REQUIREMENT –
The records below are to be restated word for word, with every picture left out.

Items listed in a dataset:

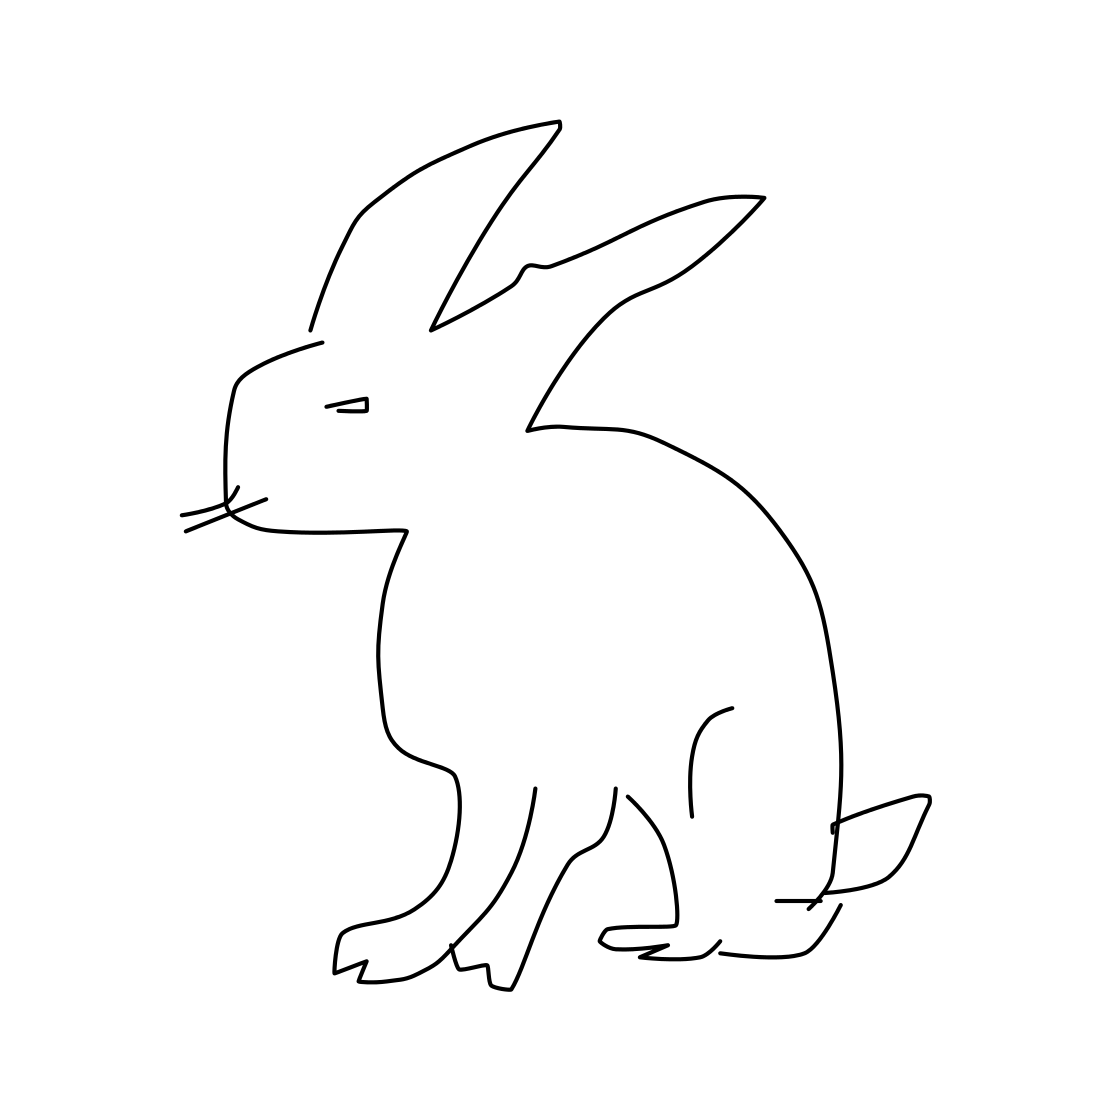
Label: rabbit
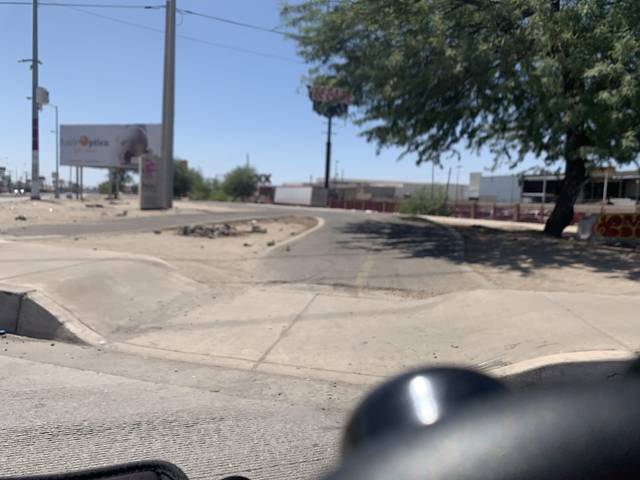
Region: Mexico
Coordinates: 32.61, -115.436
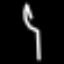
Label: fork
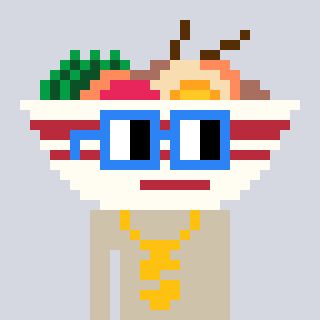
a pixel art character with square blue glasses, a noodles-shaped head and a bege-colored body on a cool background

TASK OUTPUT –
Label: rabbit
Region: Mexico
Coordinates: 32.61, -115.436
Label: fork
a pixel art character with square blue glasses, a noodles-shaped head and a bege-colored body on a cool background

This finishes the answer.